Bento XVI pede fim de preconceitos contra os cristãos

Cidade do Vaticano, 8 jan (EFE).- O papa Bento XVI pediu hoje que, no mundo ocidental, não sejam cultivados preconceitos ou hostilidades contra os cristãos, simplesmente porque, em certas questões, sua voz perturba.

EFE |

Bento XVI dirigiu hoje um discurso ao corpo diplomático credenciado perante a Santa Sé por ocasião das tradicionais felicitações de novo ano.

O pontífice falou sobre a perseguição aos cristãos, e também se referiu à situação dos mesmos no Ocidente e pediu que, como "os discípulos de Cristo, diante de tais provas, não percam o ânimo".

"Se as tribulações são duras, a constante presença de Cristo é um consolo eficaz", disse.

O papa renovou os pedidos às autoridades civis e políticas para que coloquem fim à intolerância e às humilhações contra os cristãos.

Bento XVI falou de desarmamento e da não-proliferação nuclear, da fome que se agrava por causa da crise econômica, sobre a qual disse que é preciso saná-la, e isso só poderá ser alcançado criando uma nova confiança "através de uma ética fundada na dignidade inata da pessoa humana".

O papa lembrou os que sofreram por causa de graves catástrofes naturais, em particular no Brasil, Colômbia, Vietnã, Mianmar, China, Filipinas, América Central e Caribe, ou por causa de sangrentos conflitos nacionais ou regionais e de atentados terroristas que espalharam morte e destruição em países como Afeganistão, Índia, Paquistão e Argélia.
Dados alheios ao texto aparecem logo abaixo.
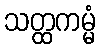
သတ္ထကမ္မံ
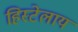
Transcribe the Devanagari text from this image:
हिस्टेलाय

"Apesar dos muitos esforços realizados, a tão desejada paz ainda está distante, mas não se deve desanimar nem atenuar o compromisso a favor de uma autêntica cultura de paz, mas, pelo contrário, redobrar os esforços a favor da segurança e do desenvolvimento".

Segundo o papa, é urgente adotar uma estratégia eficaz para combater a fome e favorecer o desenvolvimento agrícola local, mais ainda quando a porcentagem de pobres aumenta inclusive nos países ricos.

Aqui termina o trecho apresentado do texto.